== Requirement ==
Copy the data that follows exactly as it is, excluding all pictures.

___ Listed records

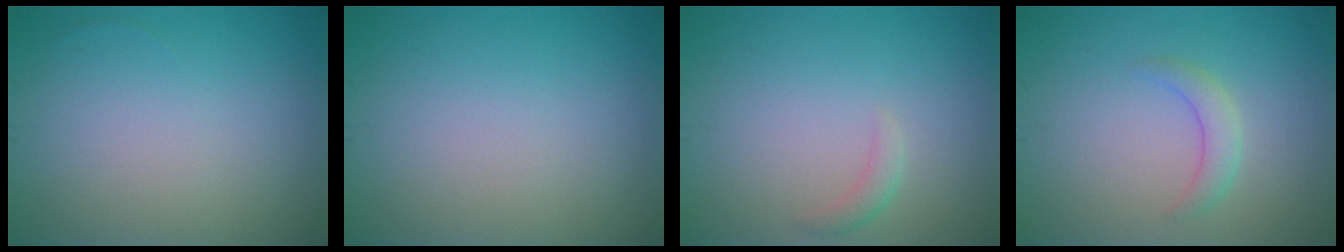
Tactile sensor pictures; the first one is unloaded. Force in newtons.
{"total": 0.0}
{"total": 1.1, "press": 1.1, "slide": 0.0}
{"total": 1.9, "press": 1.9, "slide": 0.1}
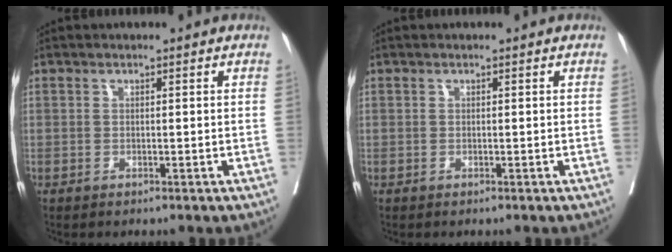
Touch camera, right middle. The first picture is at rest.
{"total": 0.0}
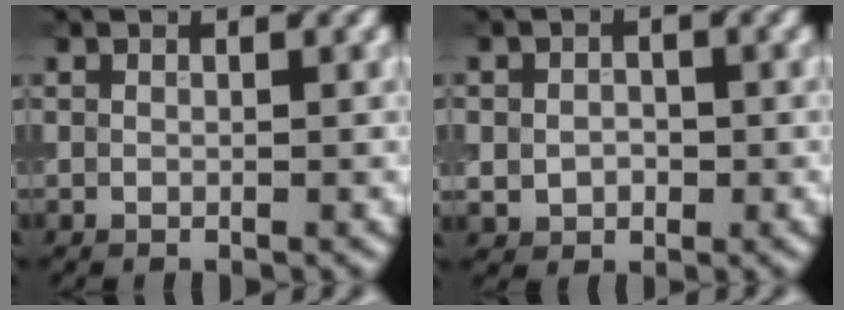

______

== Task answer ==
Tactile sensor pictures; the first one is unloaded. Force in newtons.
{"total": 0.0}
{"total": 1.1, "press": 1.1, "slide": 0.0}
{"total": 1.9, "press": 1.9, "slide": 0.1}
Touch camera, right middle. The first picture is at rest.
{"total": 0.0}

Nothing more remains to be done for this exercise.